- _TASK STATEMENT_:
Could the whole of the data below be written out verbatim?
#####
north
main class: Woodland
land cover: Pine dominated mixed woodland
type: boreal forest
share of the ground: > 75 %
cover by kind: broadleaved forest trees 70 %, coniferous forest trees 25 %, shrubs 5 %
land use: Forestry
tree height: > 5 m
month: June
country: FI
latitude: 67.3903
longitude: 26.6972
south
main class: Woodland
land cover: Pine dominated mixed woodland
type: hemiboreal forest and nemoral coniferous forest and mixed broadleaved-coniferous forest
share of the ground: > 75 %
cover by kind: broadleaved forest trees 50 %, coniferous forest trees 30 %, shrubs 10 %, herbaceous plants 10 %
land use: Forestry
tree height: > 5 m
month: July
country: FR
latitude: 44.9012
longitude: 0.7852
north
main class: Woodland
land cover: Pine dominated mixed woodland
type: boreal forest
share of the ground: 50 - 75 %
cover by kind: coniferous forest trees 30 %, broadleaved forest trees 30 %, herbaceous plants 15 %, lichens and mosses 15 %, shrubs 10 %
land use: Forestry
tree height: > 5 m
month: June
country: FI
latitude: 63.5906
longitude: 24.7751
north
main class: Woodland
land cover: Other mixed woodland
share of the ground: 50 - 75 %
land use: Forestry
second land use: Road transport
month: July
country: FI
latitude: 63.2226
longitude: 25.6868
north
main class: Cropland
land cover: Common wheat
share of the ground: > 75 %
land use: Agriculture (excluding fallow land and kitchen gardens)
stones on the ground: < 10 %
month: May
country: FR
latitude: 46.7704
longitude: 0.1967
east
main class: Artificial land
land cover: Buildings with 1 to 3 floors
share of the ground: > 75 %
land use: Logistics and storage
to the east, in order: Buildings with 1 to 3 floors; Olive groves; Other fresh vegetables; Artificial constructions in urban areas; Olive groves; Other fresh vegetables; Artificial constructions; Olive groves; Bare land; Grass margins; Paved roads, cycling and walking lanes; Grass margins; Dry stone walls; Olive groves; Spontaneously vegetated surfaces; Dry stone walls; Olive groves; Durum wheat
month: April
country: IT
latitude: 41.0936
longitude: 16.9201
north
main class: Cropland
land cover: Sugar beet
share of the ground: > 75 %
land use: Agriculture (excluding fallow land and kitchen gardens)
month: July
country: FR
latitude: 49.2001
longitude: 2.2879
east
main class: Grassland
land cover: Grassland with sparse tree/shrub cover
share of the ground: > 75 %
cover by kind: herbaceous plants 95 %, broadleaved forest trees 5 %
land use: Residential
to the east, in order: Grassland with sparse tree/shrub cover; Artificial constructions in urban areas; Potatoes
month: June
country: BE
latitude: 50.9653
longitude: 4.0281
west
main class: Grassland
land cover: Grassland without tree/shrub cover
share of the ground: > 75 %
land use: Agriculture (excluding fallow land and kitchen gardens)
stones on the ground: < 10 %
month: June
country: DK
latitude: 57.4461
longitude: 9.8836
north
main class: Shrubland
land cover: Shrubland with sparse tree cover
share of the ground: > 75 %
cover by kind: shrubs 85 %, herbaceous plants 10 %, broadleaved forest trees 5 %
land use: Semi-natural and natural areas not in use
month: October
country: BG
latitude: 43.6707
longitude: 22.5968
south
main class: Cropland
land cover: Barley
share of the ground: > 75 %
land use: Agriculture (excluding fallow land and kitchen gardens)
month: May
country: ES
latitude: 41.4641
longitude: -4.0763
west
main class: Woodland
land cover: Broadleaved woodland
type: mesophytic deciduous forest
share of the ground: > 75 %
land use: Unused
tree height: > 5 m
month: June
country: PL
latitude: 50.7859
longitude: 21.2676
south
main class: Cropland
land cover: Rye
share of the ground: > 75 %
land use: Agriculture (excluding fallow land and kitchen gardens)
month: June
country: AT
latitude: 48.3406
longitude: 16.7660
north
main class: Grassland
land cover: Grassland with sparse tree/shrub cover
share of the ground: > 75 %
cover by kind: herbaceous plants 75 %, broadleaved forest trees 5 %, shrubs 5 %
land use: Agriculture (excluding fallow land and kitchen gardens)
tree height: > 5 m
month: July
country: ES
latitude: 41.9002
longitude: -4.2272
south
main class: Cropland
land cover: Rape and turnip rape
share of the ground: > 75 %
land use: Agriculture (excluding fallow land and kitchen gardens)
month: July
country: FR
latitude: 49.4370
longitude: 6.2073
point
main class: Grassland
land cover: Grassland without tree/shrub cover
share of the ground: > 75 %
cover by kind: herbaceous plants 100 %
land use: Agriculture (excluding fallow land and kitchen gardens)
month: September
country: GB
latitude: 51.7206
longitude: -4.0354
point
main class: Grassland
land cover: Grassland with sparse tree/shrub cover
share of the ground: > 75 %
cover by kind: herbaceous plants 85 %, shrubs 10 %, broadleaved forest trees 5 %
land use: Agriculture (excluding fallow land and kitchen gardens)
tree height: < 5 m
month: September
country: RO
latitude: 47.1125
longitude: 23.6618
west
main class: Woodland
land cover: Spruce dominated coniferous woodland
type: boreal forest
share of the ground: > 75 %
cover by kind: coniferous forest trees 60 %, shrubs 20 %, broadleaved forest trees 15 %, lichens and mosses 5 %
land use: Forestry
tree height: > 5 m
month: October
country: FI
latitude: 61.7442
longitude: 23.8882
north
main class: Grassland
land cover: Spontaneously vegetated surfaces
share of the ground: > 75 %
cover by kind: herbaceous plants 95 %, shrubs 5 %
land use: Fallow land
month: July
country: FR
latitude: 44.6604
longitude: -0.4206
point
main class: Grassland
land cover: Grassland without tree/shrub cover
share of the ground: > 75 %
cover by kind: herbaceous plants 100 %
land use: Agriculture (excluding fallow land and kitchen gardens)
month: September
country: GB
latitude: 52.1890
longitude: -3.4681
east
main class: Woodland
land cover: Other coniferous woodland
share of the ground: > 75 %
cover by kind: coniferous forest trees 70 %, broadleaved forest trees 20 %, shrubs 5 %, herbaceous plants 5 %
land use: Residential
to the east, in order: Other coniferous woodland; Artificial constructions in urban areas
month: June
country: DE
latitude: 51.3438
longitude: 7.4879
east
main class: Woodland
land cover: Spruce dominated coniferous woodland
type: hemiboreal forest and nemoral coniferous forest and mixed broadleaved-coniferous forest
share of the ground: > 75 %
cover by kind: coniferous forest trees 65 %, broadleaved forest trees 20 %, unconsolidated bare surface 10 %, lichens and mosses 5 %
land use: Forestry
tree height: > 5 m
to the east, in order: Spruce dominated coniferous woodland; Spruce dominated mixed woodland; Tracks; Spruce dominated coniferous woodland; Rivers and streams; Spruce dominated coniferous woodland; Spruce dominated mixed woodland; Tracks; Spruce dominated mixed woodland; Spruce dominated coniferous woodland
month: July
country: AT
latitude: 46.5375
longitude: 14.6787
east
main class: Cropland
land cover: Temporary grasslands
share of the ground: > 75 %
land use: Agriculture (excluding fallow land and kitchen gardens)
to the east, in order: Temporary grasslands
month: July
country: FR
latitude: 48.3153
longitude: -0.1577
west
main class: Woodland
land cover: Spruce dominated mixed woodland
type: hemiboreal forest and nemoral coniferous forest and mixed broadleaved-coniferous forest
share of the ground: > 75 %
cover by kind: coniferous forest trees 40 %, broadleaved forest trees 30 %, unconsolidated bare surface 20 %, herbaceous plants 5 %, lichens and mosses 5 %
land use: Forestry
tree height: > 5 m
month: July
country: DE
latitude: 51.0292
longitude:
#####
- _TASK RESPONSE_:
north
main class: Woodland
land cover: Pine dominated mixed woodland
type: boreal forest
share of the ground: > 75 %
cover by kind: broadleaved forest trees 70 %, coniferous forest trees 25 %, shrubs 5 %
land use: Forestry
tree height: > 5 m
month: June
country: FI
latitude: 67.3903
longitude: 26.6972
south
main class: Woodland
land cover: Pine dominated mixed woodland
type: hemiboreal forest and nemoral coniferous forest and mixed broadleaved-coniferous forest
share of the ground: > 75 %
cover by kind: broadleaved forest trees 50 %, coniferous forest trees 30 %, shrubs 10 %, herbaceous plants 10 %
land use: Forestry
tree height: > 5 m
month: July
country: FR
latitude: 44.9012
longitude: 0.7852
north
main class: Woodland
land cover: Pine dominated mixed woodland
type: boreal forest
share of the ground: 50 - 75 %
cover by kind: coniferous forest trees 30 %, broadleaved forest trees 30 %, herbaceous plants 15 %, lichens and mosses 15 %, shrubs 10 %
land use: Forestry
tree height: > 5 m
month: June
country: FI
latitude: 63.5906
longitude: 24.7751
north
main class: Woodland
land cover: Other mixed woodland
share of the ground: 50 - 75 %
land use: Forestry
second land use: Road transport
month: July
country: FI
latitude: 63.2226
longitude: 25.6868
north
main class: Cropland
land cover: Common wheat
share of the ground: > 75 %
land use: Agriculture (excluding fallow land and kitchen gardens)
stones on the ground: < 10 %
month: May
country: FR
latitude: 46.7704
longitude: 0.1967
east
main class: Artificial land
land cover: Buildings with 1 to 3 floors
share of the ground: > 75 %
land use: Logistics and storage
to the east, in order: Buildings with 1 to 3 floors; Olive groves; Other fresh vegetables; Artificial constructions in urban areas; Olive groves; Other fresh vegetables; Artificial constructions; Olive groves; Bare land; Grass margins; Paved roads, cycling and walking lanes; Grass margins; Dry stone walls; Olive groves; Spontaneously vegetated surfaces; Dry stone walls; Olive groves; Durum wheat
month: April
country: IT
latitude: 41.0936
longitude: 16.9201
north
main class: Cropland
land cover: Sugar beet
share of the ground: > 75 %
land use: Agriculture (excluding fallow land and kitchen gardens)
month: July
country: FR
latitude: 49.2001
longitude: 2.2879
east
main class: Grassland
land cover: Grassland with sparse tree/shrub cover
share of the ground: > 75 %
cover by kind: herbaceous plants 95 %, broadleaved forest trees 5 %
land use: Residential
to the east, in order: Grassland with sparse tree/shrub cover; Artificial constructions in urban areas; Potatoes
month: June
country: BE
latitude: 50.9653
longitude: 4.0281
west
main class: Grassland
land cover: Grassland without tree/shrub cover
share of the ground: > 75 %
land use: Agriculture (excluding fallow land and kitchen gardens)
stones on the ground: < 10 %
month: June
country: DK
latitude: 57.4461
longitude: 9.8836
north
main class: Shrubland
land cover: Shrubland with sparse tree cover
share of the ground: > 75 %
cover by kind: shrubs 85 %, herbaceous plants 10 %, broadleaved forest trees 5 %
land use: Semi-natural and natural areas not in use
month: October
country: BG
latitude: 43.6707
longitude: 22.5968
south
main class: Cropland
land cover: Barley
share of the ground: > 75 %
land use: Agriculture (excluding fallow land and kitchen gardens)
month: May
country: ES
latitude: 41.4641
longitude: -4.0763
west
main class: Woodland
land cover: Broadleaved woodland
type: mesophytic deciduous forest
share of the ground: > 75 %
land use: Unused
tree height: > 5 m
month: June
country: PL
latitude: 50.7859
longitude: 21.2676
south
main class: Cropland
land cover: Rye
share of the ground: > 75 %
land use: Agriculture (excluding fallow land and kitchen gardens)
month: June
country: AT
latitude: 48.3406
longitude: 16.7660
north
main class: Grassland
land cover: Grassland with sparse tree/shrub cover
share of the ground: > 75 %
cover by kind: herbaceous plants 75 %, broadleaved forest trees 5 %, shrubs 5 %
land use: Agriculture (excluding fallow land and kitchen gardens)
tree height: > 5 m
month: July
country: ES
latitude: 41.9002
longitude: -4.2272
south
main class: Cropland
land cover: Rape and turnip rape
share of the ground: > 75 %
land use: Agriculture (excluding fallow land and kitchen gardens)
month: July
country: FR
latitude: 49.4370
longitude: 6.2073
point
main class: Grassland
land cover: Grassland without tree/shrub cover
share of the ground: > 75 %
cover by kind: herbaceous plants 100 %
land use: Agriculture (excluding fallow land and kitchen gardens)
month: September
country: GB
latitude: 51.7206
longitude: -4.0354
point
main class: Grassland
land cover: Grassland with sparse tree/shrub cover
share of the ground: > 75 %
cover by kind: herbaceous plants 85 %, shrubs 10 %, broadleaved forest trees 5 %
land use: Agriculture (excluding fallow land and kitchen gardens)
tree height: < 5 m
month: September
country: RO
latitude: 47.1125
longitude: 23.6618
west
main class: Woodland
land cover: Spruce dominated coniferous woodland
type: boreal forest
share of the ground: > 75 %
cover by kind: coniferous forest trees 60 %, shrubs 20 %, broadleaved forest trees 15 %, lichens and mosses 5 %
land use: Forestry
tree height: > 5 m
month: October
country: FI
latitude: 61.7442
longitude: 23.8882
north
main class: Grassland
land cover: Spontaneously vegetated surfaces
share of the ground: > 75 %
cover by kind: herbaceous plants 95 %, shrubs 5 %
land use: Fallow land
month: July
country: FR
latitude: 44.6604
longitude: -0.4206
point
main class: Grassland
land cover: Grassland without tree/shrub cover
share of the ground: > 75 %
cover by kind: herbaceous plants 100 %
land use: Agriculture (excluding fallow land and kitchen gardens)
month: September
country: GB
latitude: 52.1890
longitude: -3.4681
east
main class: Woodland
land cover: Other coniferous woodland
share of the ground: > 75 %
cover by kind: coniferous forest trees 70 %, broadleaved forest trees 20 %, shrubs 5 %, herbaceous plants 5 %
land use: Residential
to the east, in order: Other coniferous woodland; Artificial constructions in urban areas
month: June
country: DE
latitude: 51.3438
longitude: 7.4879
east
main class: Woodland
land cover: Spruce dominated coniferous woodland
type: hemiboreal forest and nemoral coniferous forest and mixed broadleaved-coniferous forest
share of the ground: > 75 %
cover by kind: coniferous forest trees 65 %, broadleaved forest trees 20 %, unconsolidated bare surface 10 %, lichens and mosses 5 %
land use: Forestry
tree height: > 5 m
to the east, in order: Spruce dominated coniferous woodland; Spruce dominated mixed woodland; Tracks; Spruce dominated coniferous woodland; Rivers and streams; Spruce dominated coniferous woodland; Spruce dominated mixed woodland; Tracks; Spruce dominated mixed woodland; Spruce dominated coniferous woodland
month: July
country: AT
latitude: 46.5375
longitude: 14.6787
east
main class: Cropland
land cover: Temporary grasslands
share of the ground: > 75 %
land use: Agriculture (excluding fallow land and kitchen gardens)
to the east, in order: Temporary grasslands
month: July
country: FR
latitude: 48.3153
longitude: -0.1577
west
main class: Woodland
land cover: Spruce dominated mixed woodland
type: hemiboreal forest and nemoral coniferous forest and mixed broadleaved-coniferous forest
share of the ground: > 75 %
cover by kind: coniferous forest trees 40 %, broadleaved forest trees 30 %, unconsolidated bare surface 20 %, herbaceous plants 5 %, lichens and mosses 5 %
land use: Forestry
tree height: > 5 m
month: July
country: DE
latitude: 51.0292
longitude:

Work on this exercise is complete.